• _Task requirements_
Among the lines below, take the one holding "#1890=CIRCLE('generated circle',#1889,7.205) ;", the one holding "#1841=EDGE_CURVE('',#1840,#1831,#1838,.T.) ;", and all lines between them. Set them down exactly.

BEGIN Supplied material

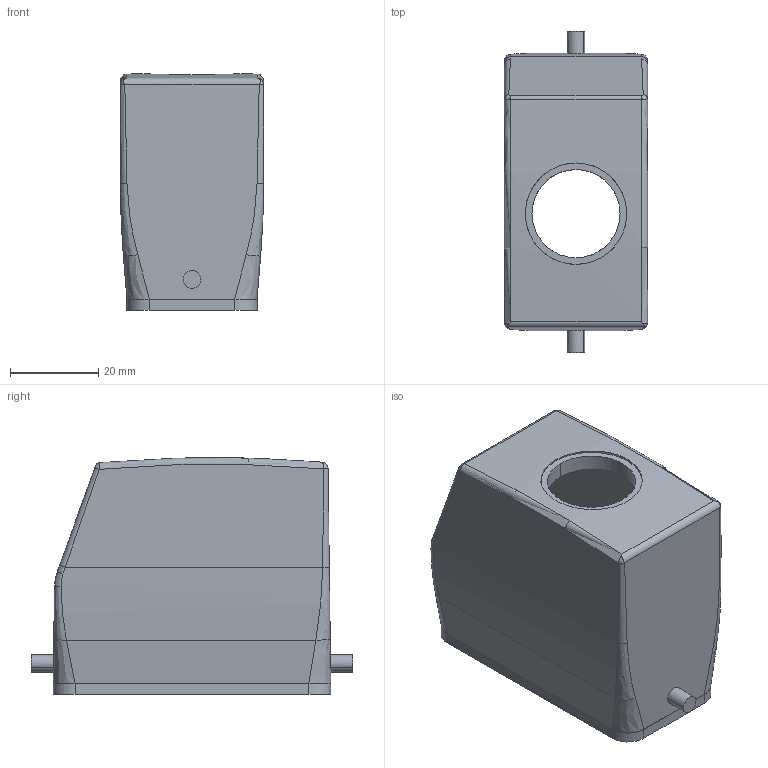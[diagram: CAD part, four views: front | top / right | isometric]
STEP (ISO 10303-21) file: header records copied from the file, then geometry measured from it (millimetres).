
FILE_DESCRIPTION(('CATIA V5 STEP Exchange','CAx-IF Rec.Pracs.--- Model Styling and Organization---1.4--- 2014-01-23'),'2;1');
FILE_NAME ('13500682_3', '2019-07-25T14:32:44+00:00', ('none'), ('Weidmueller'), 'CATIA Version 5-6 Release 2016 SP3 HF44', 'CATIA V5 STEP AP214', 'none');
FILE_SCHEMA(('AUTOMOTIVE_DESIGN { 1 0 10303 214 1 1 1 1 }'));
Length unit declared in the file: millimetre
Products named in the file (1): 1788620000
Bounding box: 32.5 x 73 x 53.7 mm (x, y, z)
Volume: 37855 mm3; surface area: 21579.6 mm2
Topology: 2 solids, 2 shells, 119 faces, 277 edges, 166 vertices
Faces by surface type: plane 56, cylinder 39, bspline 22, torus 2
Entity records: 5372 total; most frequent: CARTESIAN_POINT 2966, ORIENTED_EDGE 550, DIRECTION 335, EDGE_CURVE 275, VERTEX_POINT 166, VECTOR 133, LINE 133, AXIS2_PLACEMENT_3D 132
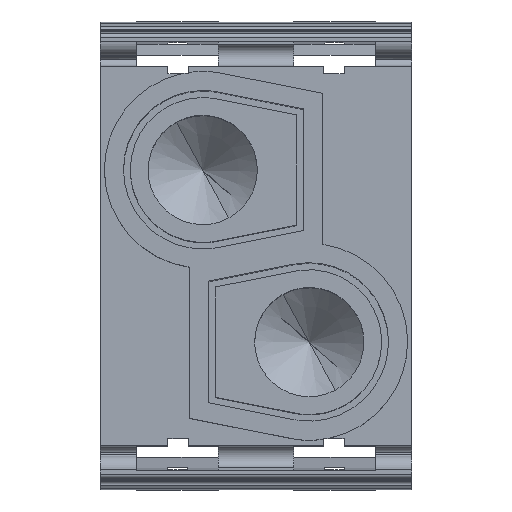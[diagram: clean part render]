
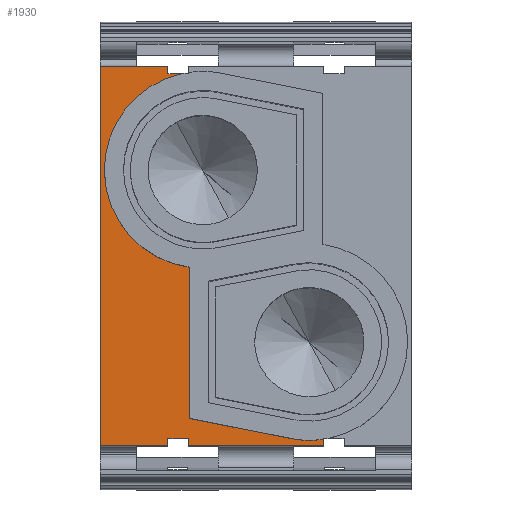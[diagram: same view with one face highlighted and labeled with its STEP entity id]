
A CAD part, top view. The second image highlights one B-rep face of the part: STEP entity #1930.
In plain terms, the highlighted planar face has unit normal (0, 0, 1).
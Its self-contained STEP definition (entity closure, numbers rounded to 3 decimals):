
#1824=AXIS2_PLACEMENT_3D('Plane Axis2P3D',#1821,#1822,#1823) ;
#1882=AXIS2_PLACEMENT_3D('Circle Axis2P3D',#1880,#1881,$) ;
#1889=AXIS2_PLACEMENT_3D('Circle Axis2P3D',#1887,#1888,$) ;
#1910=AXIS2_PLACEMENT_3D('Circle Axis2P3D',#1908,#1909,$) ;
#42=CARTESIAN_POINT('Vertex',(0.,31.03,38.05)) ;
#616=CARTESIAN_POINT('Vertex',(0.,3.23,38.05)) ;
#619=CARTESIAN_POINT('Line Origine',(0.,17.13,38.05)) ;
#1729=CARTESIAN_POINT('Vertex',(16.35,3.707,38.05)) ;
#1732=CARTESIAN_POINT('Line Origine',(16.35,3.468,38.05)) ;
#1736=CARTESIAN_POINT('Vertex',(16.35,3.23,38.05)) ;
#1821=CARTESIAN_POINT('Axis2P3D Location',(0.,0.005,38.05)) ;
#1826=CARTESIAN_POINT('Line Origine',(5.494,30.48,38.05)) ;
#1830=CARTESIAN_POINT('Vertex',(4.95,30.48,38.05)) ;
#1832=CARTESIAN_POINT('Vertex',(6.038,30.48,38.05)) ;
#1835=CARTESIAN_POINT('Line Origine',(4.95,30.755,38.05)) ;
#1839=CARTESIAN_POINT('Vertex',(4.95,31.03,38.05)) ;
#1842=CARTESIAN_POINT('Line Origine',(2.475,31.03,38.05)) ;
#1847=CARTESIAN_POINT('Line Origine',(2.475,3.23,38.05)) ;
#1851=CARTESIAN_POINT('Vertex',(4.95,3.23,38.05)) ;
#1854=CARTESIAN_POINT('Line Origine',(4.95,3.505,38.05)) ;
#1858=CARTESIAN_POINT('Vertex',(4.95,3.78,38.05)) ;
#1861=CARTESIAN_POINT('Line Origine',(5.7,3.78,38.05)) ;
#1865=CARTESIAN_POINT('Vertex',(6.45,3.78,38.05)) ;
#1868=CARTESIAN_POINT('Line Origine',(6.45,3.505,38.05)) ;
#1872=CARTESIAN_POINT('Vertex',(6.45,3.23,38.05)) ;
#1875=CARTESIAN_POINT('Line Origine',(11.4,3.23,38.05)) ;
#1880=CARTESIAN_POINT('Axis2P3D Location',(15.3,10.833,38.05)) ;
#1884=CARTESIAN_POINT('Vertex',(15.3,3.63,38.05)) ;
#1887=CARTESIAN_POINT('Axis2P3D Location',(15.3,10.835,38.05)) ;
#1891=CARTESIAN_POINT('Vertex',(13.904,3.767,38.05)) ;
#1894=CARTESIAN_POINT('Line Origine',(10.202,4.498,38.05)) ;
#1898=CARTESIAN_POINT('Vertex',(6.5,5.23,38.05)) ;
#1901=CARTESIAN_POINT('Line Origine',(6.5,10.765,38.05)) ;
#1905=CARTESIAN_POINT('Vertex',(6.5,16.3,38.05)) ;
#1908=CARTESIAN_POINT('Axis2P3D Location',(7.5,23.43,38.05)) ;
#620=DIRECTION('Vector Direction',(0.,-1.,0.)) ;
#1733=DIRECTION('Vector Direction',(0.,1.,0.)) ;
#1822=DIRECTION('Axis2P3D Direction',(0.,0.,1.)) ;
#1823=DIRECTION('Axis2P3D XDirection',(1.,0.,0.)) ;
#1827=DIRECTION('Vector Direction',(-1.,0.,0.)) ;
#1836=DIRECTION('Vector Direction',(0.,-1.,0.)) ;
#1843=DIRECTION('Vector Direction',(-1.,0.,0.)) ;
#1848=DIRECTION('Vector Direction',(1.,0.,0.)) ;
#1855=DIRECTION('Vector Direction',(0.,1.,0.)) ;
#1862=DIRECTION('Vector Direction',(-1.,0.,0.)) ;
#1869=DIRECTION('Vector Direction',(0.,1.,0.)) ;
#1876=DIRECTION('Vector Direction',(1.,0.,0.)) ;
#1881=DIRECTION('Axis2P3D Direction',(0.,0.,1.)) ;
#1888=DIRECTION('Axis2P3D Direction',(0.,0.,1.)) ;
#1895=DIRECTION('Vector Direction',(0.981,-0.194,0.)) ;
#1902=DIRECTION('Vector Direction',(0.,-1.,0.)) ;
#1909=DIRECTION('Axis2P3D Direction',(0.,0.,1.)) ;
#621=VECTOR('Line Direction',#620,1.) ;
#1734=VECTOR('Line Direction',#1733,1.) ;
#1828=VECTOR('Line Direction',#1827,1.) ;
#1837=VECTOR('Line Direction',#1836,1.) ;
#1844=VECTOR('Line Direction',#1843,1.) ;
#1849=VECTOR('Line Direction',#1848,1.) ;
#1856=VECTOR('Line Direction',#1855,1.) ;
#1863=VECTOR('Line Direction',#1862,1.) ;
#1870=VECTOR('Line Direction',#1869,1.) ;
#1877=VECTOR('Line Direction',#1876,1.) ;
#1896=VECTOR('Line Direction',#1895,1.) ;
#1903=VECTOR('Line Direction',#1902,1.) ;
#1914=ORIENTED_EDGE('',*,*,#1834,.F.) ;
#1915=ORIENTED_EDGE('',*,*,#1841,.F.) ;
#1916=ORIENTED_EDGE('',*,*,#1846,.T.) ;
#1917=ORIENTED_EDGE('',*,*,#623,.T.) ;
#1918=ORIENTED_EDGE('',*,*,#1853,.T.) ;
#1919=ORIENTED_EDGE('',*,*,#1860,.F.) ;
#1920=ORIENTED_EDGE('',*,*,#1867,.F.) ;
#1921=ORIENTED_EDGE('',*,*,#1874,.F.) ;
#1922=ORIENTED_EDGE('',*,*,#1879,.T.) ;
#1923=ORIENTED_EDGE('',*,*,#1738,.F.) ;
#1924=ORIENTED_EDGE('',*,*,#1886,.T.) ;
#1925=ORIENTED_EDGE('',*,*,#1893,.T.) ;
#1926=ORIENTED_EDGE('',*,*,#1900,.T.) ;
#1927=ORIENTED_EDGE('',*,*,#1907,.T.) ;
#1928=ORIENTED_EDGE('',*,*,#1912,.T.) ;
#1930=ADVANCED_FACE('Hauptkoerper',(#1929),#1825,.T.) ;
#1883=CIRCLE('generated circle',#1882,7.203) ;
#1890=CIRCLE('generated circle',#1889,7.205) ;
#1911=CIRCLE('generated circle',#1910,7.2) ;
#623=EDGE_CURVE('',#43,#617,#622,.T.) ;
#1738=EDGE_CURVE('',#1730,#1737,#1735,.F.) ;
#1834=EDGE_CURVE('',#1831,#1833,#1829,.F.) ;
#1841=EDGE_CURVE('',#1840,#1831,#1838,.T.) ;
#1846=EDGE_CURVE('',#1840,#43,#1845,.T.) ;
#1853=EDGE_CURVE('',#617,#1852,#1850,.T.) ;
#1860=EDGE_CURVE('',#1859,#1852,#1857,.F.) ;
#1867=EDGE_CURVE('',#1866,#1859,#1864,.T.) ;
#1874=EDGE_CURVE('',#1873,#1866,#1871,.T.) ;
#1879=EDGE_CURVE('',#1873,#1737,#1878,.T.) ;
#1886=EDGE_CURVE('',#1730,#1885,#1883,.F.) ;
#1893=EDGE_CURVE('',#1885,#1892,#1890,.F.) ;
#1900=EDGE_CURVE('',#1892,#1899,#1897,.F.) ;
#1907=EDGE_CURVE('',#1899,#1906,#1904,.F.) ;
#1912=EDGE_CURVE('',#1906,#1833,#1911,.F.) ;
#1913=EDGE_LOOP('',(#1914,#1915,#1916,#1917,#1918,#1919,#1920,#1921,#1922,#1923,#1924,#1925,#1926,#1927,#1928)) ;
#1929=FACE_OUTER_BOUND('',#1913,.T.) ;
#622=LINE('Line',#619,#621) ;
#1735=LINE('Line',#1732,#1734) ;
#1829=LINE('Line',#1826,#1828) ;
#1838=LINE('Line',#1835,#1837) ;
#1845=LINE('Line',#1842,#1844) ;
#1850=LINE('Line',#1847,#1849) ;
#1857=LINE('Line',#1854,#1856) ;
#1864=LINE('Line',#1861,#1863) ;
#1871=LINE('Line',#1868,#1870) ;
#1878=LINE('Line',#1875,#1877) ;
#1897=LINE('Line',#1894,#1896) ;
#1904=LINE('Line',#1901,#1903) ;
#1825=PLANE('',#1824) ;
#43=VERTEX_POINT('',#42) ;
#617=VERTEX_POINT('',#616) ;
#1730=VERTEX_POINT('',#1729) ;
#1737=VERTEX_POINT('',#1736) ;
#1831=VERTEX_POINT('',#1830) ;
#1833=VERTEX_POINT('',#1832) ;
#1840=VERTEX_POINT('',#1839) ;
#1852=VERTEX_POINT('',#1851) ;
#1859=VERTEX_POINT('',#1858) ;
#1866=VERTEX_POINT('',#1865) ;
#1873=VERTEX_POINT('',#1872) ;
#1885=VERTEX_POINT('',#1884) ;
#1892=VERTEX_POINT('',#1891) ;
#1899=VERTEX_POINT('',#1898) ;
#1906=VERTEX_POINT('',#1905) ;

END Supplied material

• _Result below_
#1890=CIRCLE('generated circle',#1889,7.205) ;
#1911=CIRCLE('generated circle',#1910,7.2) ;
#623=EDGE_CURVE('',#43,#617,#622,.T.) ;
#1738=EDGE_CURVE('',#1730,#1737,#1735,.F.) ;
#1834=EDGE_CURVE('',#1831,#1833,#1829,.F.) ;
#1841=EDGE_CURVE('',#1840,#1831,#1838,.T.) ;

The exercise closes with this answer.